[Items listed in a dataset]
"""
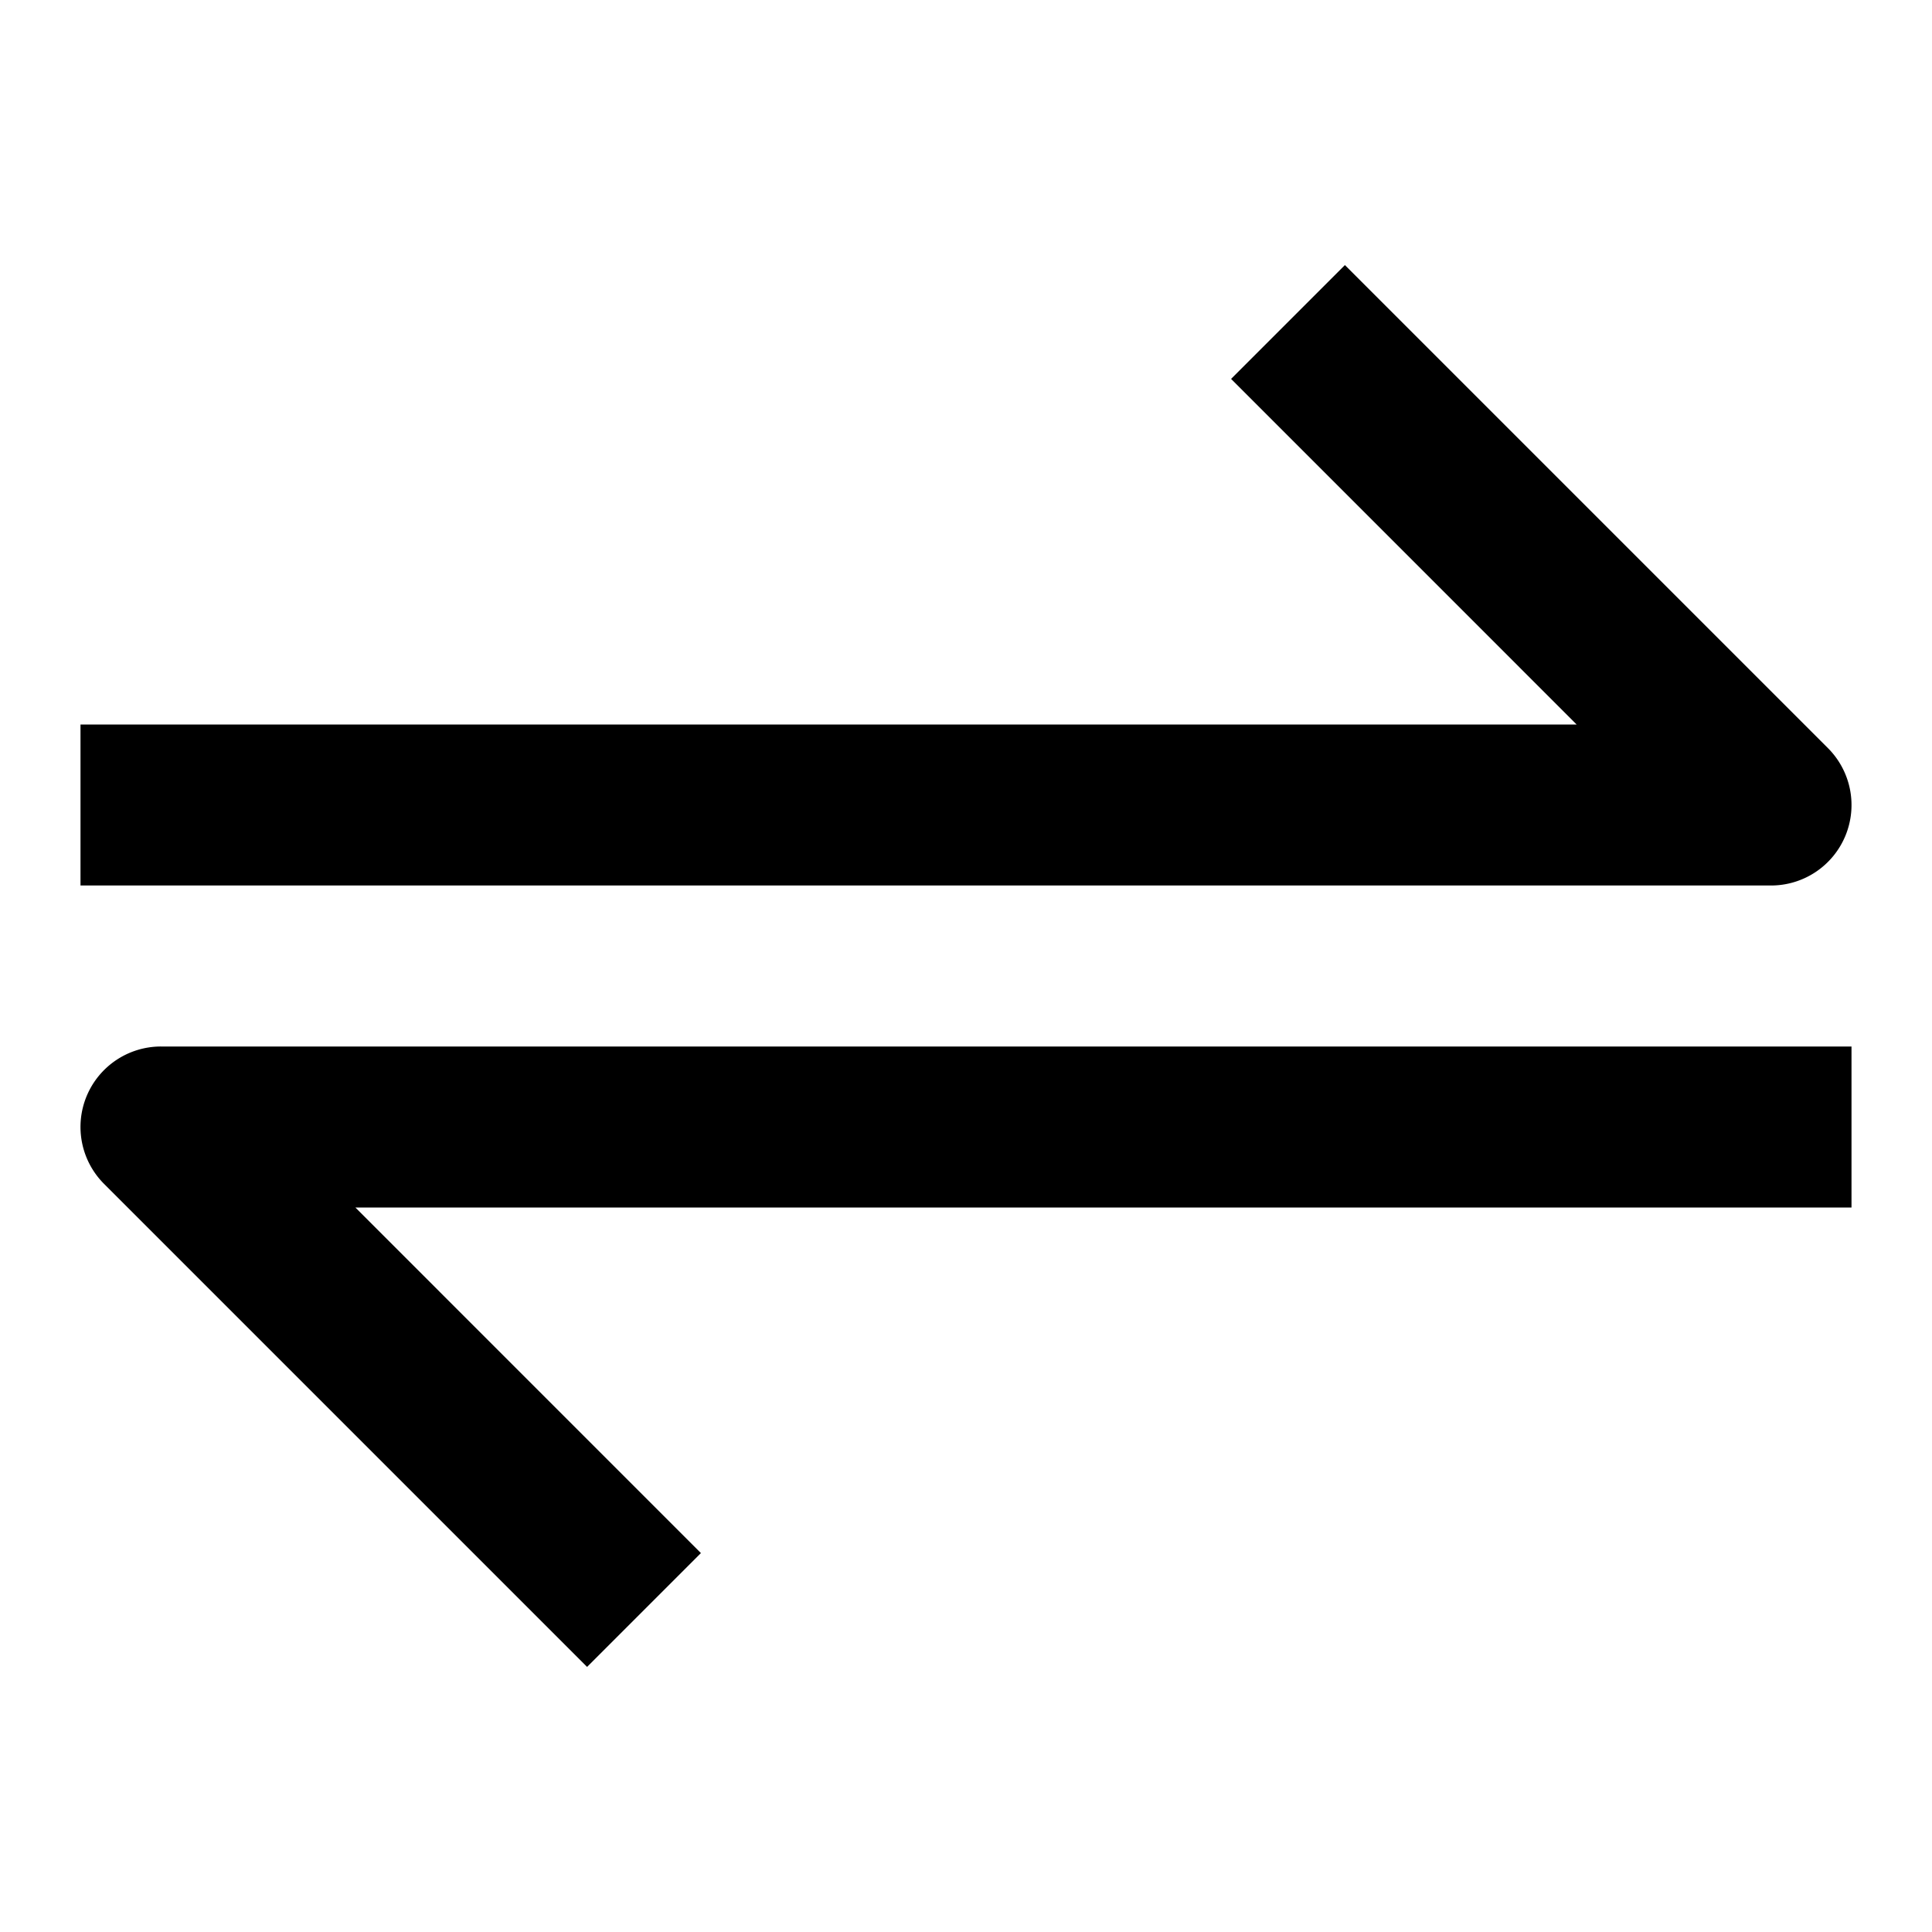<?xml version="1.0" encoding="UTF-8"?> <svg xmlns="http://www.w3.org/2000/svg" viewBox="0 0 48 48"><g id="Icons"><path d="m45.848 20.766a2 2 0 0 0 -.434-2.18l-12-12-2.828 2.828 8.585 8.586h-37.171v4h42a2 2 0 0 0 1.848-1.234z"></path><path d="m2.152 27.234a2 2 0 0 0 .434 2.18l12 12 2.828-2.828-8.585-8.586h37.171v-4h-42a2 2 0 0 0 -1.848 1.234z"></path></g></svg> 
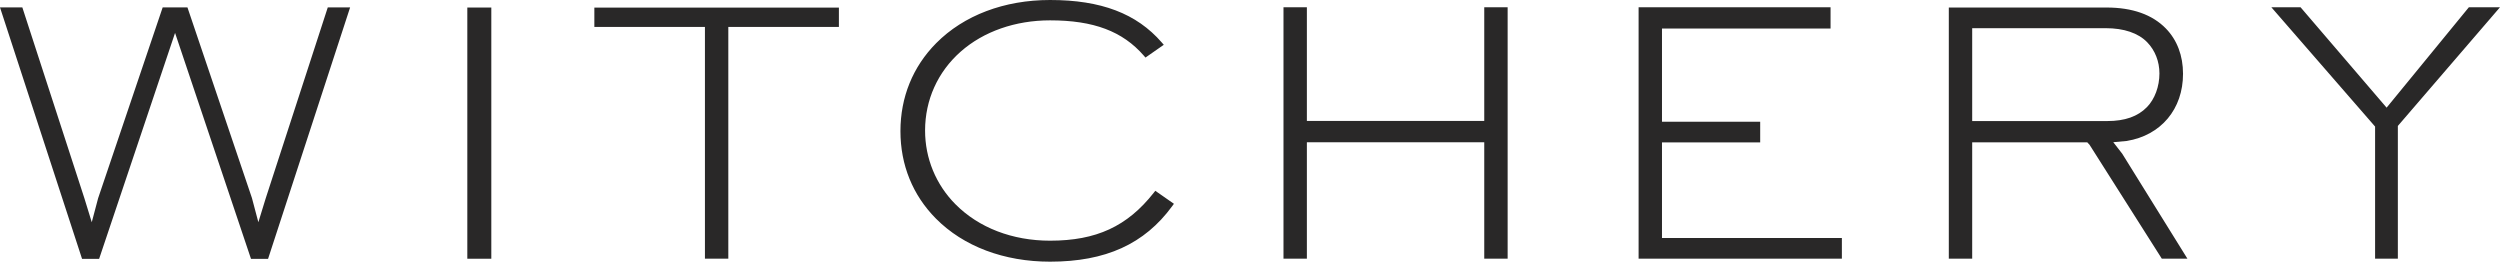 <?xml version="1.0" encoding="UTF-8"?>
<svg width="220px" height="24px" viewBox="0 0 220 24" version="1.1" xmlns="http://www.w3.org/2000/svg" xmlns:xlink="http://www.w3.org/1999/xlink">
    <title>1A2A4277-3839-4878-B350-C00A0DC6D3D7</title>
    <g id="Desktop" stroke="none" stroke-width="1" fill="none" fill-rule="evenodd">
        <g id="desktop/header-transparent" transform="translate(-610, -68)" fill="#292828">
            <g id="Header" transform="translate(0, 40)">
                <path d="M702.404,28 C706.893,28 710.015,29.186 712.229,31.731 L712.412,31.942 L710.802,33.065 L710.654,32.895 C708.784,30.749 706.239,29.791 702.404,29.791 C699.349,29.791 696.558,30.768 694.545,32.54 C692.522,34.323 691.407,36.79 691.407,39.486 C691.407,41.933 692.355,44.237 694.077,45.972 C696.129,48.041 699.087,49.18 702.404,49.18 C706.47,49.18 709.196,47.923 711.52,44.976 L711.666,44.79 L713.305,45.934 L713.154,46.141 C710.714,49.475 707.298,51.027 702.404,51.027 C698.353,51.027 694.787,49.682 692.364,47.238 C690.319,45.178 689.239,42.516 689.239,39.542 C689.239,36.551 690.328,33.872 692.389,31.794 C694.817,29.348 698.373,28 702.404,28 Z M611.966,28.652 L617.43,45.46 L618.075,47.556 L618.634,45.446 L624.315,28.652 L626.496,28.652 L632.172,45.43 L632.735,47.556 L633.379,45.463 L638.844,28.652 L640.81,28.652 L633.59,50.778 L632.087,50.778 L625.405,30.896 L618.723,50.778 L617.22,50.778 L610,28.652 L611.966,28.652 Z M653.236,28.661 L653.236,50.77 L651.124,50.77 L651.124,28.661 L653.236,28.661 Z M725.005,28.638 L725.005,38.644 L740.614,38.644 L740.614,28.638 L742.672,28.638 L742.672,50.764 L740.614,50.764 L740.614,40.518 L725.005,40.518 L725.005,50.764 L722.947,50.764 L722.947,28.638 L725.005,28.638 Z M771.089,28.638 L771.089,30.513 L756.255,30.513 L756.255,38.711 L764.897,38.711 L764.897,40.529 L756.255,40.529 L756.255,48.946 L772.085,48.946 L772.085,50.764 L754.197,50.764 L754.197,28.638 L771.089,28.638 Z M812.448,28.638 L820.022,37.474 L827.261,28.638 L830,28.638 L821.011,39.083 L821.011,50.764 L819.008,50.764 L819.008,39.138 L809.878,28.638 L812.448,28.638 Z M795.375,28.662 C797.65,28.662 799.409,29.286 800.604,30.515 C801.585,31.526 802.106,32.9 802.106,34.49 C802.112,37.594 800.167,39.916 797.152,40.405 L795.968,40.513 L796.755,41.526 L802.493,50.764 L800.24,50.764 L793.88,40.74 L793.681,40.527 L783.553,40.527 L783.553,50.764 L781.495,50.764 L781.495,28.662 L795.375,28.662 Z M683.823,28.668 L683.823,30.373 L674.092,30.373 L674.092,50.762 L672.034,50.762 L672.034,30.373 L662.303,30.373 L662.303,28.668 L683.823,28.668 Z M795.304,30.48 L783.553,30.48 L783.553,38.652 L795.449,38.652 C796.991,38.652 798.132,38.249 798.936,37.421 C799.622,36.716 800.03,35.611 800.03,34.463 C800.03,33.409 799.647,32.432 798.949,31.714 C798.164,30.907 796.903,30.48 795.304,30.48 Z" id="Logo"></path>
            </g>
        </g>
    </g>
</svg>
"""
> _TO DO_: Filter these records, keeping every line where the word "width" occurs.

> _ANSWER SECTION_:
<svg width="220px" height="24px" viewBox="0 0 220 24" version="1.1" xmlns="http://www.w3.org/2000/svg" xmlns:xlink="http://www.w3.org/1999/xlink">
    <g id="Desktop" stroke="none" stroke-width="1" fill="none" fill-rule="evenodd">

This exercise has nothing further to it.